Entre 2018 et 2020, la campagne de sondage a permis de répondre à plusieurs
interrogations qui subsistaient depuis la fouille de 1930. La plus importante de ces réponses
est la matérialisation de l’absidiole nord du chevet. Jusqu’à présent, selon les auteurs, les
hypothèses variaient entre un plan à deux absidioles carolingiennes originelles, entérinant
donc les premières conclusions et le plan des fouilles publié dans le Congrès archéologique
de 1930, et l’hypothèse d’un ajout postérieur. Les derniers travaux confirment la première
hypothèse. Dans l’absidiole même, les sols conservés du haut Moyen Âge ont été observés à
109,82 et 109,54 NGF. Ceux-ci sont datés par 14C de la fin du 8e siècle environ, à l’instar de la
structure bâtie. Ces altitudes semblent correspondre au sol identifié à l’intérieur de l’église
durant les fouilles de 1930. Des niveaux similaires pourraient donc être préservé alentours.

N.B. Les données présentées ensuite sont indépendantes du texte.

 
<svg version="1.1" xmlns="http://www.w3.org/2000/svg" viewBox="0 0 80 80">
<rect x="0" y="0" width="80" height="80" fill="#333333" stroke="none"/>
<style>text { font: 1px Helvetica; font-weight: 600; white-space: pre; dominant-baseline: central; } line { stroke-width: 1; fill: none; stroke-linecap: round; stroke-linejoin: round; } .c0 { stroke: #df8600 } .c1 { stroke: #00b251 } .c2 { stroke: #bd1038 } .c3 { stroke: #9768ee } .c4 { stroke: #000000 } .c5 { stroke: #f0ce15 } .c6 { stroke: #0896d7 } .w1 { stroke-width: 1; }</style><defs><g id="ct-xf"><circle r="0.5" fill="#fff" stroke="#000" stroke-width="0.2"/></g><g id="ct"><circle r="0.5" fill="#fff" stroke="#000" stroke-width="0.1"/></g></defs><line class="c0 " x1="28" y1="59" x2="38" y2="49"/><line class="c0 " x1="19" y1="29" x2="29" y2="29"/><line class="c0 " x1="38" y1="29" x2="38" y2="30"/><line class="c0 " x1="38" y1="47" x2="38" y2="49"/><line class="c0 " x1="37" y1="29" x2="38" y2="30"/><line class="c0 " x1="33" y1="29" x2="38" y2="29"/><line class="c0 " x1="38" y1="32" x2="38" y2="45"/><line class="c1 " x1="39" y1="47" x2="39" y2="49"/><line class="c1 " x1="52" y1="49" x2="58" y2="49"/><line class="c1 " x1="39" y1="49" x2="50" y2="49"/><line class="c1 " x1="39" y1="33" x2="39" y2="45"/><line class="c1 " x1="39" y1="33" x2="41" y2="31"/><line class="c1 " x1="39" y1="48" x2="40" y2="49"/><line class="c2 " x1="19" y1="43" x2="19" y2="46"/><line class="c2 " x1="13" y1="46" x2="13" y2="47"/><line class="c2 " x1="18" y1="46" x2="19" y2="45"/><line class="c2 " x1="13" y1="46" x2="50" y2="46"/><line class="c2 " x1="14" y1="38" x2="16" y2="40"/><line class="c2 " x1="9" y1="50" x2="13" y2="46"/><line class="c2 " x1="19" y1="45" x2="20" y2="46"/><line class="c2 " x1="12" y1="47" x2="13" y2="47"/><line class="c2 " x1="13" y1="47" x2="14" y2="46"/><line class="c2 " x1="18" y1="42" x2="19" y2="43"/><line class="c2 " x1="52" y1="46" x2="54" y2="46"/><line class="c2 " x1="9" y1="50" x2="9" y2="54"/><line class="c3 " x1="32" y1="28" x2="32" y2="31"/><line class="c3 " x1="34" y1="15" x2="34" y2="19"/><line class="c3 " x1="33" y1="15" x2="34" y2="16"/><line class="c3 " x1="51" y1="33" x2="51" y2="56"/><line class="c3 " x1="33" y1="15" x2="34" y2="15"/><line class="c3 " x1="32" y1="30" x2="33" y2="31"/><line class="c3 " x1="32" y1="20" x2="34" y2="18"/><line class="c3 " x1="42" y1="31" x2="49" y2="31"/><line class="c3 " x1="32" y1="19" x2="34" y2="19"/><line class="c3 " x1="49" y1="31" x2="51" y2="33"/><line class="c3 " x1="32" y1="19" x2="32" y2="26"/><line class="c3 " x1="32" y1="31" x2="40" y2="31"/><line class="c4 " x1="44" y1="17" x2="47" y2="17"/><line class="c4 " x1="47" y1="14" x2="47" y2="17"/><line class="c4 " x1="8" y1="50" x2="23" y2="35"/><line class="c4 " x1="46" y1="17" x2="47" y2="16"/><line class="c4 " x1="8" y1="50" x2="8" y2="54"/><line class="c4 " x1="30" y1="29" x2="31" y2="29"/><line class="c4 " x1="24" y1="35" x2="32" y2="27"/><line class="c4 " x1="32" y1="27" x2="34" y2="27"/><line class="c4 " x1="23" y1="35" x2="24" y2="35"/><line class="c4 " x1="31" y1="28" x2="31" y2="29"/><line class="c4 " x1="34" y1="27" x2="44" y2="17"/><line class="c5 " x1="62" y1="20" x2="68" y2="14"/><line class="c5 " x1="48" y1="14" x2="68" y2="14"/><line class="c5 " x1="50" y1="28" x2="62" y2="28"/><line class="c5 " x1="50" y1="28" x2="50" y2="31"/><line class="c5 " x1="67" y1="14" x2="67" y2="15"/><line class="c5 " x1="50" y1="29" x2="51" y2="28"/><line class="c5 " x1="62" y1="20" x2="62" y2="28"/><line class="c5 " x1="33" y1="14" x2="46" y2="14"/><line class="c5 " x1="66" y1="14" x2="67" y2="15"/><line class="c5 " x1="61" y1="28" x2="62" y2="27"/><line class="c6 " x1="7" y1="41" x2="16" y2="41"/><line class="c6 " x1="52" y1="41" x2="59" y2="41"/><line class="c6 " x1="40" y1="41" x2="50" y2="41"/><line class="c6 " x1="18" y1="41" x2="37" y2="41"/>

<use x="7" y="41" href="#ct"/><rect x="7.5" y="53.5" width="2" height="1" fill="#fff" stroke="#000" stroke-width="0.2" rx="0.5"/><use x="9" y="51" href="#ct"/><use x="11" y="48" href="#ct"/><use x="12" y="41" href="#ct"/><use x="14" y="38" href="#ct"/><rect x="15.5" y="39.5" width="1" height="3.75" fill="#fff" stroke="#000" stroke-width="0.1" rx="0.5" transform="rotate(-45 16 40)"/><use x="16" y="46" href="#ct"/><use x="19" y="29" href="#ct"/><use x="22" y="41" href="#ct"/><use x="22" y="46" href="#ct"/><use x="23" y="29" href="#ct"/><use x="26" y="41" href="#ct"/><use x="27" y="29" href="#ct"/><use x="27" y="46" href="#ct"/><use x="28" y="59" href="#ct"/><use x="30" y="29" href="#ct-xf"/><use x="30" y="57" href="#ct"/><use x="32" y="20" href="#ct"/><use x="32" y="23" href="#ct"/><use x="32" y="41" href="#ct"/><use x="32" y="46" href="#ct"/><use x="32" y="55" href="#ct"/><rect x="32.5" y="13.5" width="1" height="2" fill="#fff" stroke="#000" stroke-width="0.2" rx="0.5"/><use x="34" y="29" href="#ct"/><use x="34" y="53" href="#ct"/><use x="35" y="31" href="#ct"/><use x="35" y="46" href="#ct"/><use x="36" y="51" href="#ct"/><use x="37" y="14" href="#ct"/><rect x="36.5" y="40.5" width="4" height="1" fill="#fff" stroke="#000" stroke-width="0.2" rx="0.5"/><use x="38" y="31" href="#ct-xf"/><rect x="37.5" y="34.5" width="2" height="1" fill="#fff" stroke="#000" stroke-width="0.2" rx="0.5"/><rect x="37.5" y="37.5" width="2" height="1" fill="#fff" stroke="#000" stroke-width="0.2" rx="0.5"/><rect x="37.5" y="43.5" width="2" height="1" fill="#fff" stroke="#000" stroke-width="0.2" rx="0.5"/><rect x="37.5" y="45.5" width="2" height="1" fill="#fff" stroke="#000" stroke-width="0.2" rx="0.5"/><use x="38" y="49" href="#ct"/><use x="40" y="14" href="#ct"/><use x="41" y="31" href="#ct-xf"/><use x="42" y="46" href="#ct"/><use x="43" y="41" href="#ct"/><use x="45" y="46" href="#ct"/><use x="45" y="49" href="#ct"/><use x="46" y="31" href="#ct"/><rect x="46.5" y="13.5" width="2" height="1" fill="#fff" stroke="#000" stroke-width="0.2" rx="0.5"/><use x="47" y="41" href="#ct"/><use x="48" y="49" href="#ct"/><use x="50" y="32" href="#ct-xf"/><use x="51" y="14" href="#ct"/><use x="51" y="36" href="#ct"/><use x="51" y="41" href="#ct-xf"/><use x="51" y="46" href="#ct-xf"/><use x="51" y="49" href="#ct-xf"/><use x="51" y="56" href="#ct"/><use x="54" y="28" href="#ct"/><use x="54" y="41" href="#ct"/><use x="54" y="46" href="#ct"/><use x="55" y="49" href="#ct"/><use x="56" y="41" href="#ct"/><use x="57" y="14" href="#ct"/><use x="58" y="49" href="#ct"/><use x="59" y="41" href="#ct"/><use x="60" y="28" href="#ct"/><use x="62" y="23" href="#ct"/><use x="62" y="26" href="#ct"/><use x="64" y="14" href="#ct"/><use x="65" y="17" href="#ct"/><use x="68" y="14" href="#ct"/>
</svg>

Rare est le mobilier découvert en place. Il reflète néanmoins une part de l’occupation
ancienne du site, livrant notamment quelques rares tessons protohistoriques et antiques. Le
mobilier devient plus abondant à partir du haut Moyen Âge, on ne s’en étonnera pas, bien
qu’une seule strate homogène ait été identifiée pour la période contemporaine du premier
état de l’oratoire. Le lapidaire et les TCA sont par contre bien plus représentative du chantier
carolingien, et peuvent être corrélées à l’étude historiographique et critique approfondie de
l’édifice. À des fins démonstratives, nous en avons proposé trois états reconstitués : l’église
relevée en 2016 et 2020 ; l’église postérieure aux premières restaurations médiévales et
antérieure à la restauration du 19e siècle ; l’église carolingienne. Nos études ont également
permis d’identifier quelques problèmes en matière de conservation. Attirons l’attention sur
la présence de salpêtre dans la partie septentrionale de la mosaïque du cul de four qui
imposent de rester attentif à l’évolution de cette pathologie qui pourrait causer le
décrochement des tesselles et la dégradation de l’oeuvre.